-- Opening Marker --
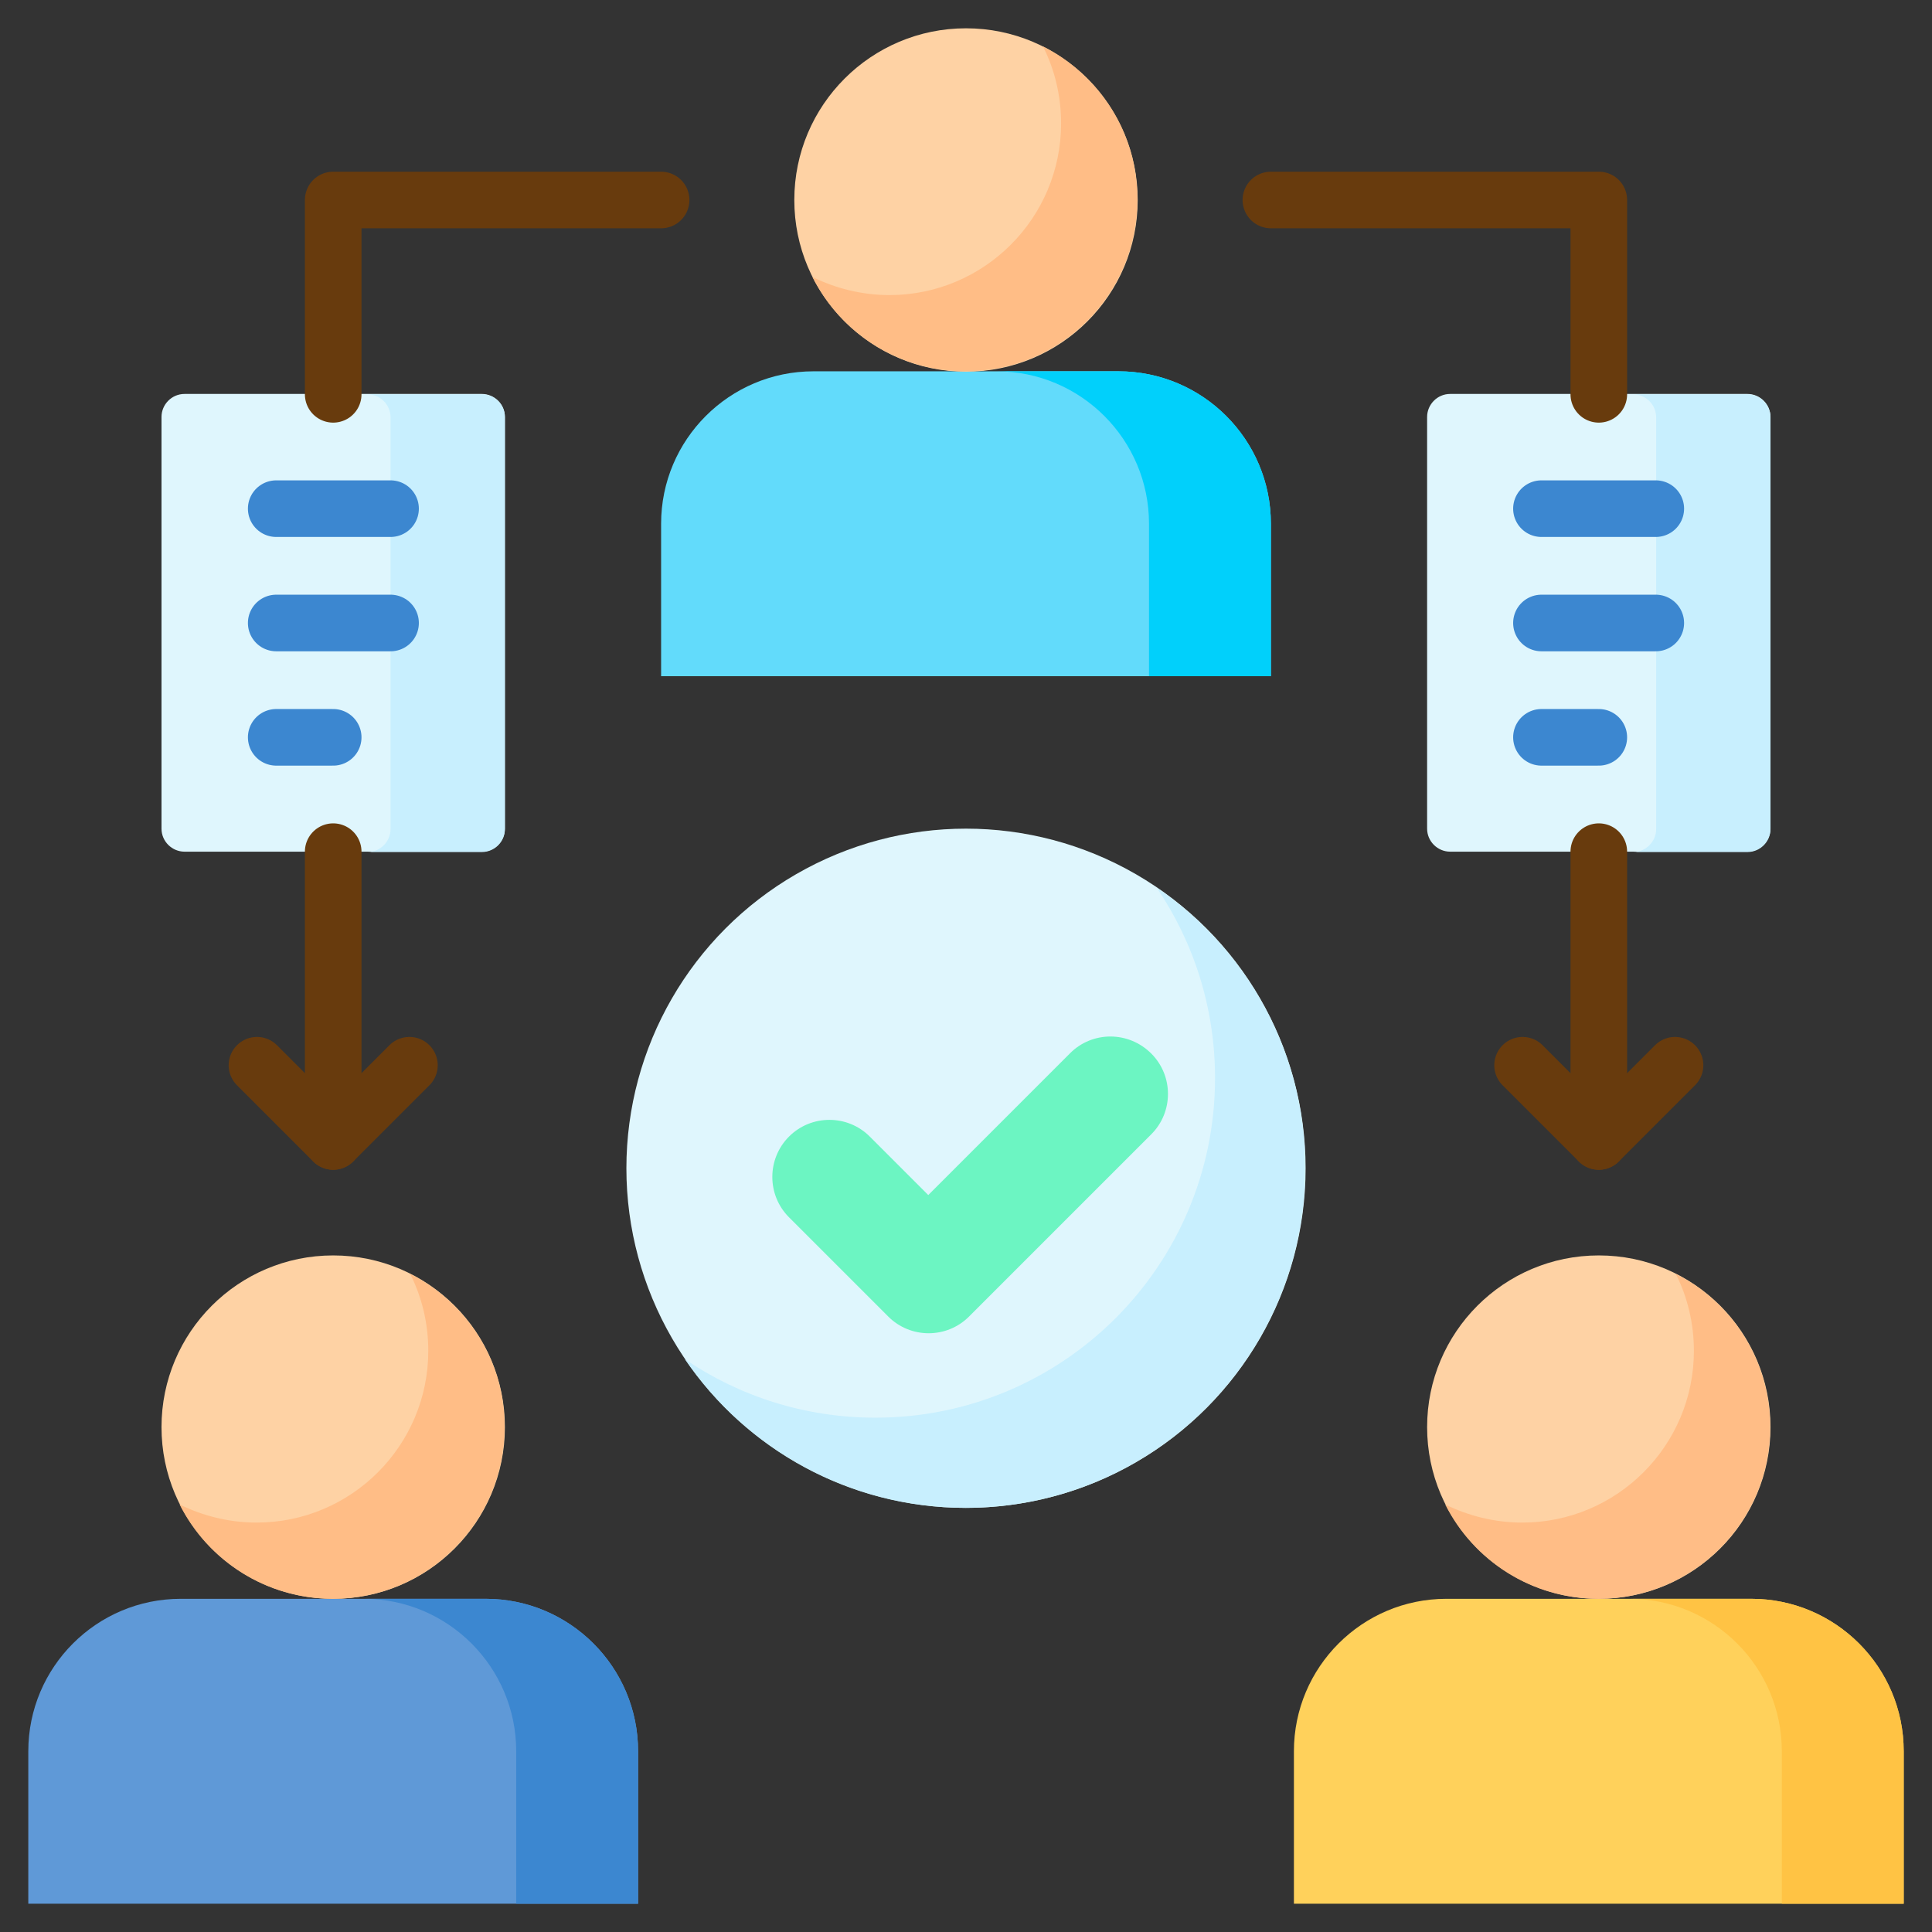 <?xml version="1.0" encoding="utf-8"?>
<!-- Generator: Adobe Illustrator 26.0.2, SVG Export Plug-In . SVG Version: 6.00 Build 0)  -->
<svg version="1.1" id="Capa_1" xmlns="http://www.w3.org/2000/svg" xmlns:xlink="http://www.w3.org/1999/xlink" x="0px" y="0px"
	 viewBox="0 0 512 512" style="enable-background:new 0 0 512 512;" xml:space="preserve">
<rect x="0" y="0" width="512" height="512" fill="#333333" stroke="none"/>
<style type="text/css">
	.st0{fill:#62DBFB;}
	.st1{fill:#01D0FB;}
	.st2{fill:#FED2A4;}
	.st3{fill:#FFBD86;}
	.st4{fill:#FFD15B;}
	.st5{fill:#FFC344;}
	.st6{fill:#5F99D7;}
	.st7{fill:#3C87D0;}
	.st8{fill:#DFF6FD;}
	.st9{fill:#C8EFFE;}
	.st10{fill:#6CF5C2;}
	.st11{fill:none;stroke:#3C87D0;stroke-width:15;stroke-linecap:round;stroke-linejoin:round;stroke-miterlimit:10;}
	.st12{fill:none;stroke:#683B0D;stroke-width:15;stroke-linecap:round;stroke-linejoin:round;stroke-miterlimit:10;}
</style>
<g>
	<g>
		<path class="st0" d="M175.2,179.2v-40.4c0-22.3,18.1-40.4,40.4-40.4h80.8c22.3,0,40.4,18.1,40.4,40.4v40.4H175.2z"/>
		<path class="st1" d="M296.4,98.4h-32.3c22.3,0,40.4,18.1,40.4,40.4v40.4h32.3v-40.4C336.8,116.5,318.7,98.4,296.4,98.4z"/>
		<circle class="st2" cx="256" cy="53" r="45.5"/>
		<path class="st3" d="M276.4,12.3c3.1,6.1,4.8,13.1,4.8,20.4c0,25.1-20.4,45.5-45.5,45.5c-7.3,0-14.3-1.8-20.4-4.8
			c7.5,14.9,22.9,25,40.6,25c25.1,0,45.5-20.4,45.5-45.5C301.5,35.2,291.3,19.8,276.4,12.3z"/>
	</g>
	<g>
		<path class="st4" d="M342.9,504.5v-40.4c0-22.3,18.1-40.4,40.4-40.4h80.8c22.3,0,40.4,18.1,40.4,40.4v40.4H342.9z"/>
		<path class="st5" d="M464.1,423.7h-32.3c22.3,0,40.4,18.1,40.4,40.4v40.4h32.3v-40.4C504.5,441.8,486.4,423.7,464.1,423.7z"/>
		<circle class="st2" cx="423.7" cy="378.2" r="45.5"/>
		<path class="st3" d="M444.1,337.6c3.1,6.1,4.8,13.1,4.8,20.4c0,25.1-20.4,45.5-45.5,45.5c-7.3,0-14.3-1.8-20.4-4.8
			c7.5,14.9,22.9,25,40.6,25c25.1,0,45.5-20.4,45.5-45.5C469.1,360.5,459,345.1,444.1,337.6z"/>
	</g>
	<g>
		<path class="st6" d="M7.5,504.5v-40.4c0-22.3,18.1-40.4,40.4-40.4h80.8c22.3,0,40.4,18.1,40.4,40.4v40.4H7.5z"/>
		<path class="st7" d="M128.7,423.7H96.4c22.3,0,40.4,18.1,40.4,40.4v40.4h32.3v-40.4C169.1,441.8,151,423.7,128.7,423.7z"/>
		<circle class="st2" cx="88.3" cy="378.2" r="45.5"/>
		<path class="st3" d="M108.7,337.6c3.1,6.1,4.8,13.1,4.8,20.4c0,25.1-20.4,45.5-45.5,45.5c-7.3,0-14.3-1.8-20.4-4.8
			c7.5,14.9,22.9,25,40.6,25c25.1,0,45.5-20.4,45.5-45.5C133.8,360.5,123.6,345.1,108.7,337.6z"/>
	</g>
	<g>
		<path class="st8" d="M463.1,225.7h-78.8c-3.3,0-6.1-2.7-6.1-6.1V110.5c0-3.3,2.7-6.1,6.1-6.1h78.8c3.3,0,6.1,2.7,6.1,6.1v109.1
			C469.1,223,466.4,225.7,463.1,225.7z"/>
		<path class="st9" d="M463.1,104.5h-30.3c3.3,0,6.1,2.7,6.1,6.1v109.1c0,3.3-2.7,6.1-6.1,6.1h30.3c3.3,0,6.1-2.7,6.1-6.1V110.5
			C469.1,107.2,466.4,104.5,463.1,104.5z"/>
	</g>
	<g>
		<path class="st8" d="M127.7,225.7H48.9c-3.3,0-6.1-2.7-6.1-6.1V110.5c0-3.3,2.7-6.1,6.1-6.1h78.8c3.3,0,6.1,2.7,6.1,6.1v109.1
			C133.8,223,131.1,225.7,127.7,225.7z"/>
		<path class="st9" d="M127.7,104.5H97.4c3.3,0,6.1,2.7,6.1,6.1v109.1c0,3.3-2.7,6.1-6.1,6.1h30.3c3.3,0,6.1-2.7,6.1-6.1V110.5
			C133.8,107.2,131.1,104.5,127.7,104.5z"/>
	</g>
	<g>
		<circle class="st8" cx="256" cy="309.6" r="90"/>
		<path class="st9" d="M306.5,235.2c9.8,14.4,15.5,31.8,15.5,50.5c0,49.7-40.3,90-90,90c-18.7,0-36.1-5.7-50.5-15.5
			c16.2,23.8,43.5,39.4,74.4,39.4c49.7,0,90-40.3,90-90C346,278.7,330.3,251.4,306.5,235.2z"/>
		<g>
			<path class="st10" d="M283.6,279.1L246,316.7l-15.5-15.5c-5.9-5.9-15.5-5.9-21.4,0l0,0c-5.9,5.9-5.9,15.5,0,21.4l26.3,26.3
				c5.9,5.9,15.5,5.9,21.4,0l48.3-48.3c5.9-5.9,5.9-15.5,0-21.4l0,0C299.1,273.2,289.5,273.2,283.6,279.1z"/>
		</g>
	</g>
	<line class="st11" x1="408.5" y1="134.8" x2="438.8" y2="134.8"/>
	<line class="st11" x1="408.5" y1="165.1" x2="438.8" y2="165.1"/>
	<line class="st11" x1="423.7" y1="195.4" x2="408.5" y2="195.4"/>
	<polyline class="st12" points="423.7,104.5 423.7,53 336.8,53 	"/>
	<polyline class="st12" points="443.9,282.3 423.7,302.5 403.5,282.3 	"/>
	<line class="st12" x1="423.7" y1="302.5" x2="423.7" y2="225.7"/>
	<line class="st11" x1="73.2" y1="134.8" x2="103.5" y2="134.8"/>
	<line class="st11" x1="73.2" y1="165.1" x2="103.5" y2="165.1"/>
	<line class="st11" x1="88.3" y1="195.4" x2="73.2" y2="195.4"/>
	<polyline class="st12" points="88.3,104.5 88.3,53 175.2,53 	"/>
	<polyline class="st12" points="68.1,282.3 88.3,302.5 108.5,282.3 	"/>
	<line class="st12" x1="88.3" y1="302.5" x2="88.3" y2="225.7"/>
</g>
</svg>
-- Closing Marker --
Single out each line of the records above with the string "miterlimit" in it, and copy it.

	.st11{fill:none;stroke:#3C87D0;stroke-width:15;stroke-linecap:round;stroke-linejoin:round;stroke-miterlimit:10;}
	.st12{fill:none;stroke:#683B0D;stroke-width:15;stroke-linecap:round;stroke-linejoin:round;stroke-miterlimit:10;}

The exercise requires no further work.